2008 Nebula Award Winners

The Windup Girl – Paolo Bacigalupi (Night Shade Books, Sept. 2009)

The Women of Nell Gwynne’s – Kage Baker (Subterranean Press, June 2009)

“Sinner, Baker, Fabulist, Priest; Red Mask, Black Mask, Gentleman, Beast,”
Eugie Foster (Interzone, Feb. 2009)

Short Story
“Spar,” Kij Johnson (Clarkesworld, Oct. 2009)

Ray Bradbury Award
District 9, Neill Blomkamp and Terri Tatchell (Tri-Star, Aug. 2009)

Andre Norton Award
The Girl Who Circumnavigated Fairyland in a Ship of Her Own Making,
Catherynne M. Valente (Catherynne M. Valente, June 2009)

Additional Honors
During the ceremonies, Joe Haldeman was honored as the next Damon Knight Grand Master, while Neal Barrett, Jr., was honored as Author Emeritus. Vonda N. McIntyre and Keith Stokes were honored with SFWA Service Awards while the SFWA Solstice Award, bestowed upon individuals who have made a significant impact on the science fiction or fantasy landscape, was presented to Tom Doherty, Terri Windling and the late Donald A. Wollheim.


About SFWA
Founded in 1965 by the late Damon Knight, Science Fiction and Fantasy Writers of America brings together the most successful and daring writers of speculative fiction throughout the world.

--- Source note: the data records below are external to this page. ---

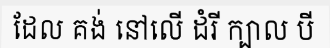
ដែល គង់ នៅលើ ដំរី ក្បាល បី
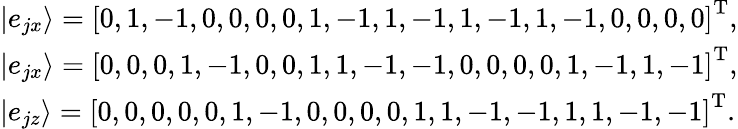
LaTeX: \begin{array}{l}{\left|{{e_{jx}}}\right\rangle={\left[{0,\mathrm{{1}},-\mathrm{{1}},\mathrm{{}}0,\mathrm{{}}0,\mathrm{{}}0,\mathrm{{}}0,\mathrm{{1}},-\mathrm{{1}},\mathrm{{1}},-\mathrm{{1}},\mathrm{{1}},-\mathrm{{1}},\mathrm{{1}},-\mathrm{{1}},\mathrm{{}}0,\mathrm{{}}0,\mathrm{{}}0,\mathrm{{}}0}\right]^{\mathrm{T}}},}\\ {\left|{{e_{jx}}}\right\rangle={\left[{0,\mathrm{{}}0,\mathrm{{}}0,\mathrm{{1}},-\mathrm{{1}},\mathrm{{}}0,\mathrm{{}}0,\mathrm{{1}},\mathrm{{1}},-\mathrm{{1}},-\mathrm{{1}},\mathrm{{}}0,\mathrm{{}}0,\mathrm{{}}0,\mathrm{{}}0,\mathrm{{1}},-\mathrm{{1}},\mathrm{{1}},-\mathrm{{1}}}\right]^{\mathrm{T}}},}\\ {\left|{{e_{jz}}}\right\rangle={\left[{0,\mathrm{{}}0,\mathrm{{}}0,\mathrm{{}}0,\mathrm{{}}0,\mathrm{{1}},-\mathrm{{1}},\mathrm{{}}0,\mathrm{{}}0,\mathrm{{}}0,\mathrm{{}}0,\mathrm{{1}},\mathrm{{1}},-\mathrm{{1}},-\mathrm{{1}},\mathrm{{1}},\mathrm{{1}},-\mathrm{{1}},-\mathrm{{1}}}\right]^{\mathrm{T}}}.}\end{array}
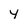
Character: Y
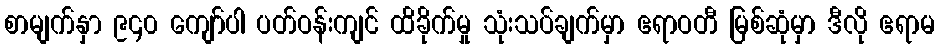
စာမျက်နှာ ၉၄၀ ကျော်ပါ ပတ်ဝန်းကျင် ထိခိုက်မှု သုံးသပ်ချက်မှာ ဧရာဝတီ မြစ်ဆုံမှာ ဒီလို ဧရာမ
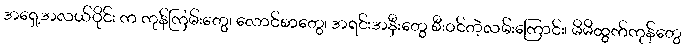
အရှေ့အလယ်ပိုင်း က ကုန်ကြမ်းတွေ၊ လောင်စာတွေ၊ အရင်းအနှီးတွေ စီးဝင်တဲ့လမ်းကြောင်း၊ မိမိထွက်ကုန်တွေ

Funny, but I was not asked about the ‘daring’ qualification before I joined up. I just got a package at my normal drop when I joined SWFA, containing a light-repeater suit, a ceramic pistol, a pair of night-vision goggles, a wirepoon grapnel, suction-disk gloves and boots, a mind amplifying lens, a laser sword, jetpack with two hours fuel, a familiar named ‘Dickon’, a packet of glass throwing-blades, a flying guillotine with launcher, and a list of the names and habitual travel routes of the enemies of the Secret Masters. At first I wondered if I had gotten in over my head, but then I realized that since the stealth suit was pink and covered with a rose floral pattern, that the package was from the Romance Writers of America (RWA), and had been sent to me by mistake. A whiff of the memory-eraser perfume, and they let me live.

Congratulations to all Nebula Winners!